Rinch country on the left, poor country on the right.
capital.plot_kl_ratio(solsR,labs,solsP,labs,save_in=None,color=True)
Distribution plots
Rich country:
capital.plot_dischange(sol_R1,sol_log[2620],extras=[sol_log[2610],(0.9,1.1)],xrange=(0.8,1.2),
save_in=None,allplots=False,color=True, uc=cr)
Poor country:
capital.plot_dischange(sol_P1,sol_logP[2620],extras=[sol_logP[2610],(0.9,1.1)],xrange=(0.8,1.2),
save_in=None, allplots=False,color=True,uc=cp)
5. PAM condition¶
Does the PAM condition hold? Here I check for the PAM condition, so if lhs-rhs > 0, then PAM holds.

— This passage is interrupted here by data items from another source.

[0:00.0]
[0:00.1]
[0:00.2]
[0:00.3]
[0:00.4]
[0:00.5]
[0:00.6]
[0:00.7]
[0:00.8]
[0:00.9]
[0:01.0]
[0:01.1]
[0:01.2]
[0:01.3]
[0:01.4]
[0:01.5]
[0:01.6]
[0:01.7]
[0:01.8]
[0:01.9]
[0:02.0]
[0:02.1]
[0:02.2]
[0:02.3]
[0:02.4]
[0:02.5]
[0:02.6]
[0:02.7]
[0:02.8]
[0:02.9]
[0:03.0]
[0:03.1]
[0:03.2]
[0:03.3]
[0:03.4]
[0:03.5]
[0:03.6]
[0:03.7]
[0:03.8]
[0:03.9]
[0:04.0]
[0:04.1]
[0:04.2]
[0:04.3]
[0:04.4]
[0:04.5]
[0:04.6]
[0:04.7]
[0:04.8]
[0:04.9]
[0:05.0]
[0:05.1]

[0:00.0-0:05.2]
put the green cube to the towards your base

First without substituiting parameters:
x, y, k = sym.var('x, y, k')
R, l, r, A, kappa, p_a, rho, gamma, eta = sym.var('R, l, r, A, kappa, p_a, rho, gamma, eta')
sym.init_printing()
F = r*p_a*A*kappa*(eta*(x*k)**rho + (1- eta)*((l/r)*y)**rho)**(gamma/rho)

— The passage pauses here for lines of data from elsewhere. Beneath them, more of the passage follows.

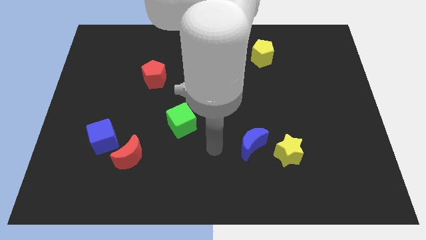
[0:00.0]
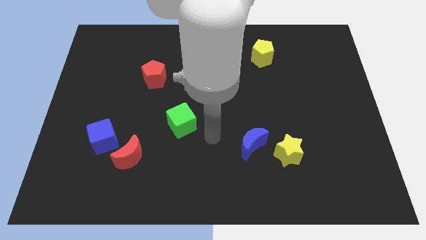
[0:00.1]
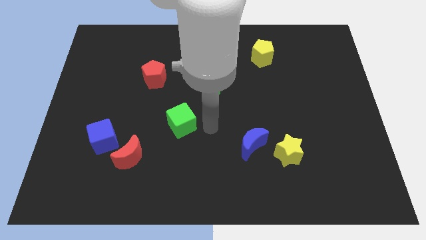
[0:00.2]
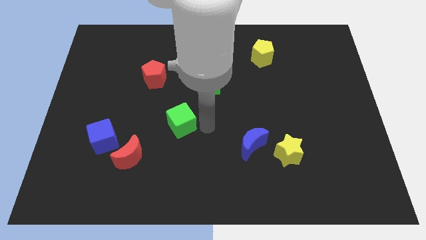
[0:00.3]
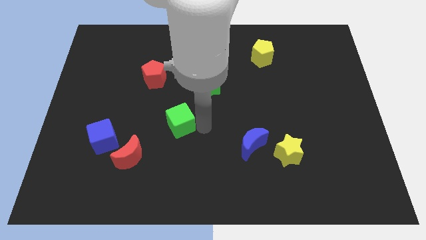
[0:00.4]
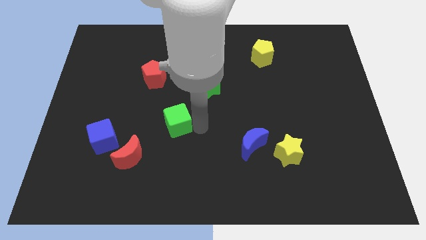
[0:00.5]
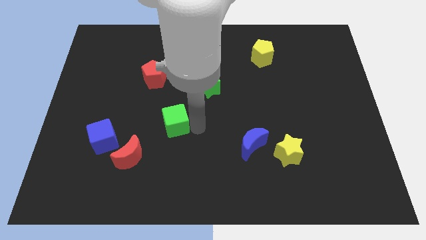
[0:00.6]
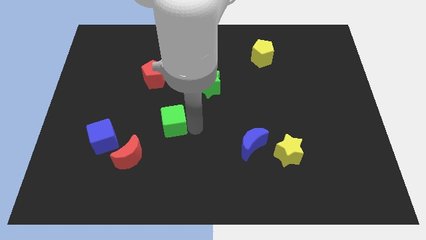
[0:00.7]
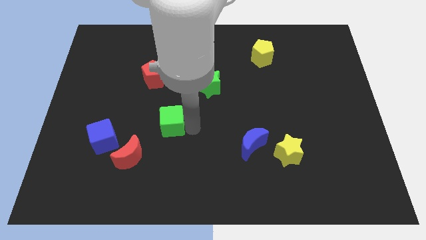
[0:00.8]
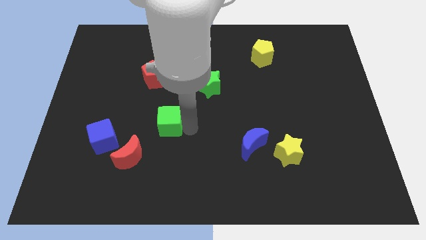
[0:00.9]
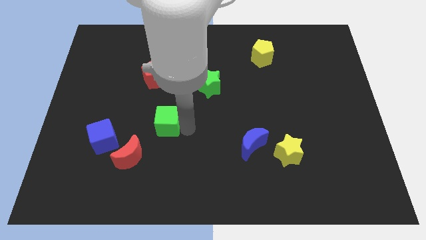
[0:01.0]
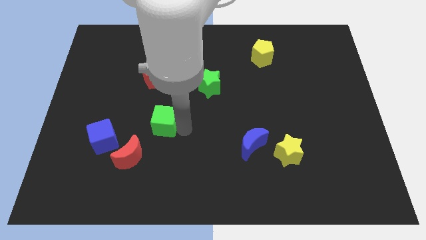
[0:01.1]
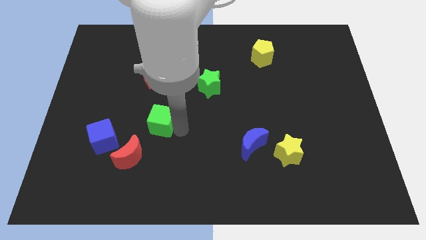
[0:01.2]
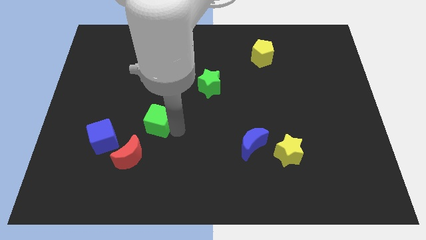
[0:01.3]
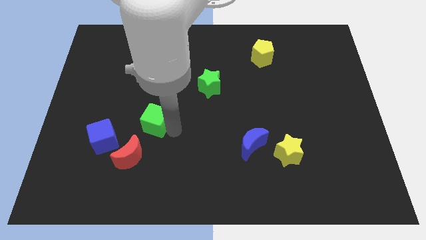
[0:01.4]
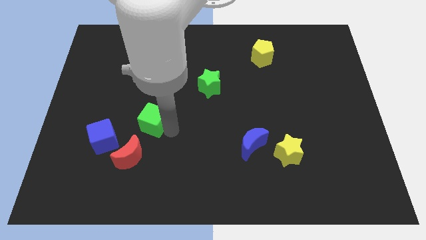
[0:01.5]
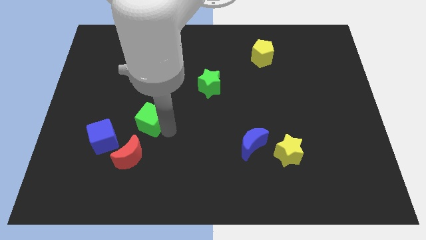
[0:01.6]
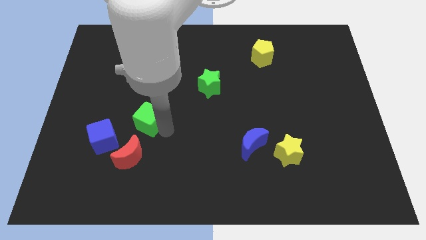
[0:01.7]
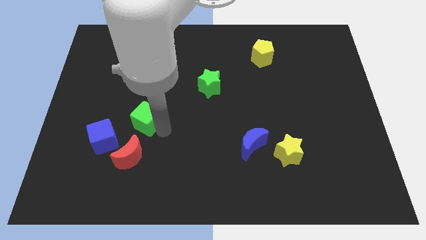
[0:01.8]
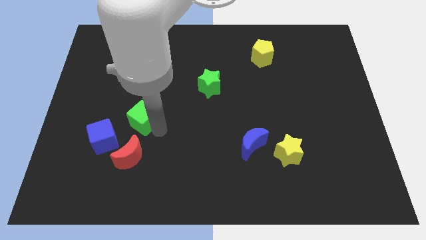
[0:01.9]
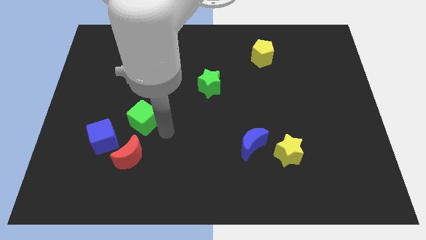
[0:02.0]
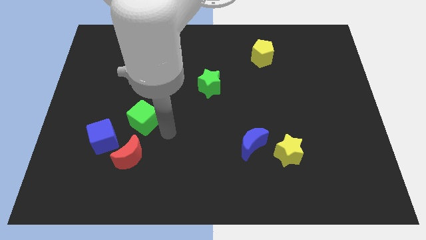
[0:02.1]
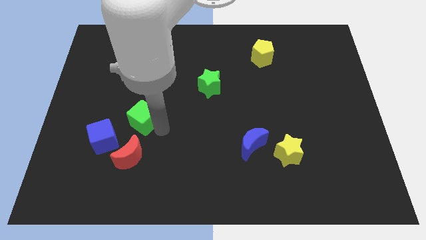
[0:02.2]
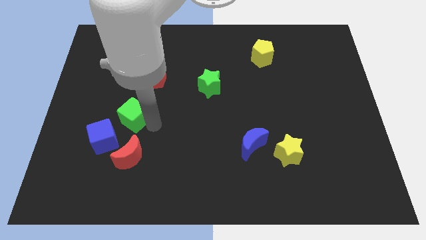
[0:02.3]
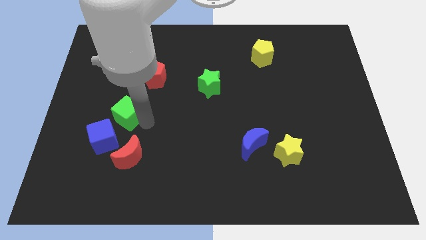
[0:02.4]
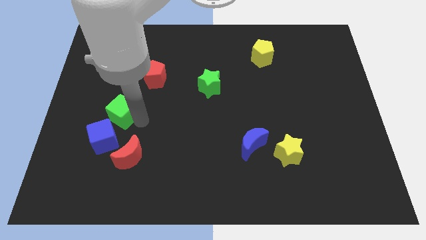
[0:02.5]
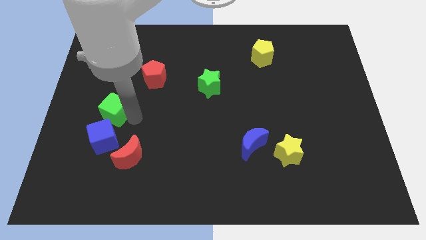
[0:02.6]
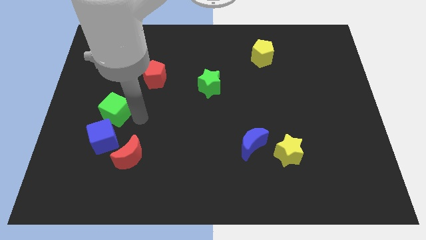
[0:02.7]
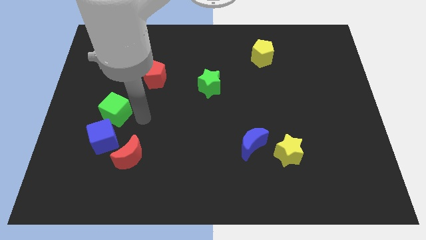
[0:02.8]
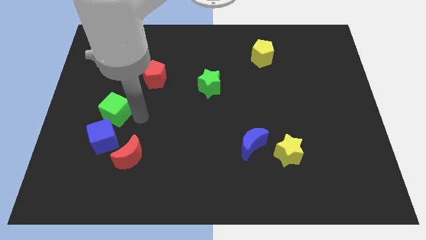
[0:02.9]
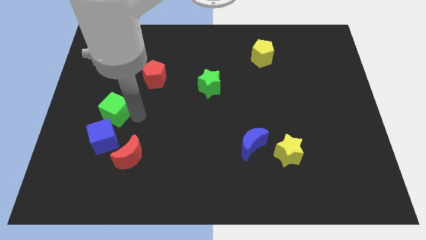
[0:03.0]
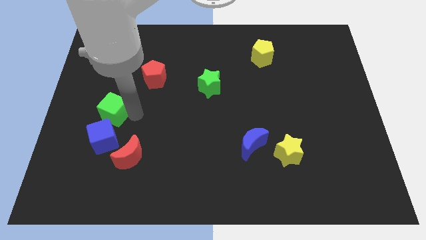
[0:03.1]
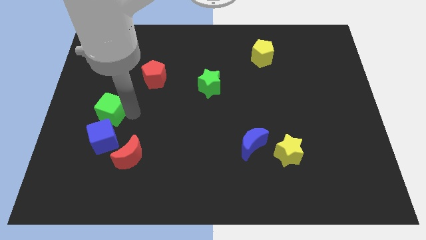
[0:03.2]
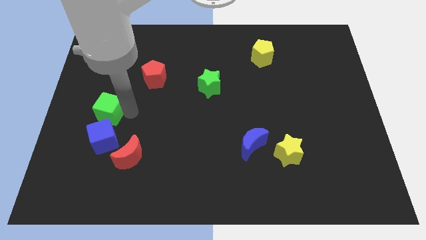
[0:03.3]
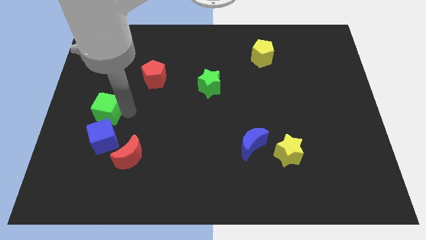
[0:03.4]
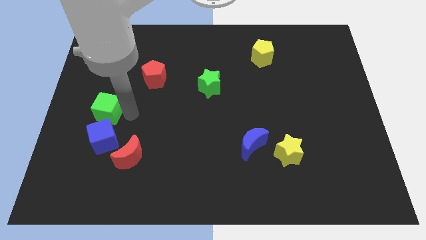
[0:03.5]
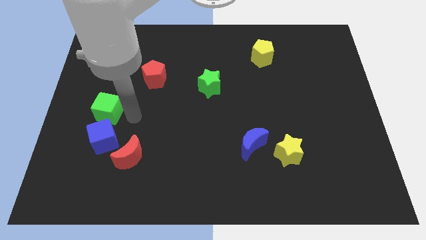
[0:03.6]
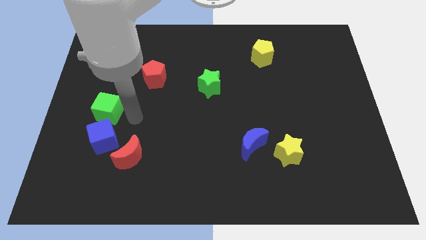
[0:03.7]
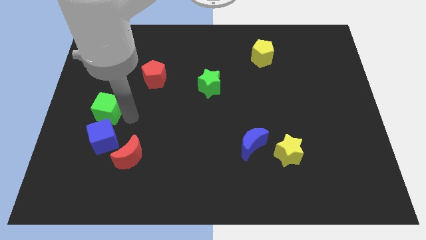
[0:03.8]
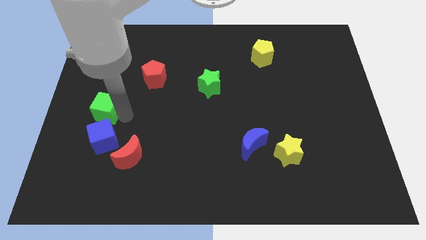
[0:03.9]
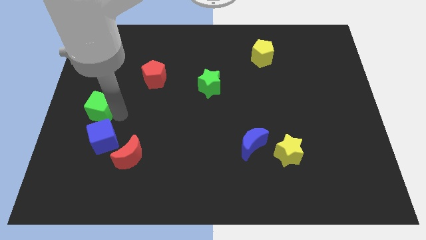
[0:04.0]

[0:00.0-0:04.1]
put the green cube to the left side

lhs = F.diff(x,y)*F.diff(l,r)*F.diff(k,k) - F.diff(x,y)*F.diff(l,k)*F.diff(r,k) - F.diff(x,k)*F.diff(y,k)*F.diff(l,r)
rhs = F.diff(x,r)*F.diff(y,l)*F.diff(k,k) - F.diff(x,r)*F.diff(y,k)*F.diff(l,k) - F.diff(x,k)*F.diff(y,l)*F.diff(r,k)
sym.simplify(lhs-rhs)
Then substituiting all the parameters fixed across countries:
eta = 0.89
rho = 0.25
gamma = 0.5
kappa = 1
F = r*p_a*A*kappa*(eta*(x*k)**rho + (1- eta)*((l/r)*y)**rho)**(gamma/rho)
lhs = F.diff(x,y)*F.diff(l,r)*F.diff(k,k) - F.diff(x,y)*F.diff(l,k)*F.diff(r,k) - F.diff(x,k)*F.diff(y,k)*F.diff(l,r)
rhs = F.diff(x,r)*F.diff(y,l)*F.diff(k,k) - F.diff(x,r)*F.diff(y,k)*F.diff(l,k) - F.diff(x,k)*F.diff(y,l)*F.diff(r,k)
sym.simplify(lhs-rhs)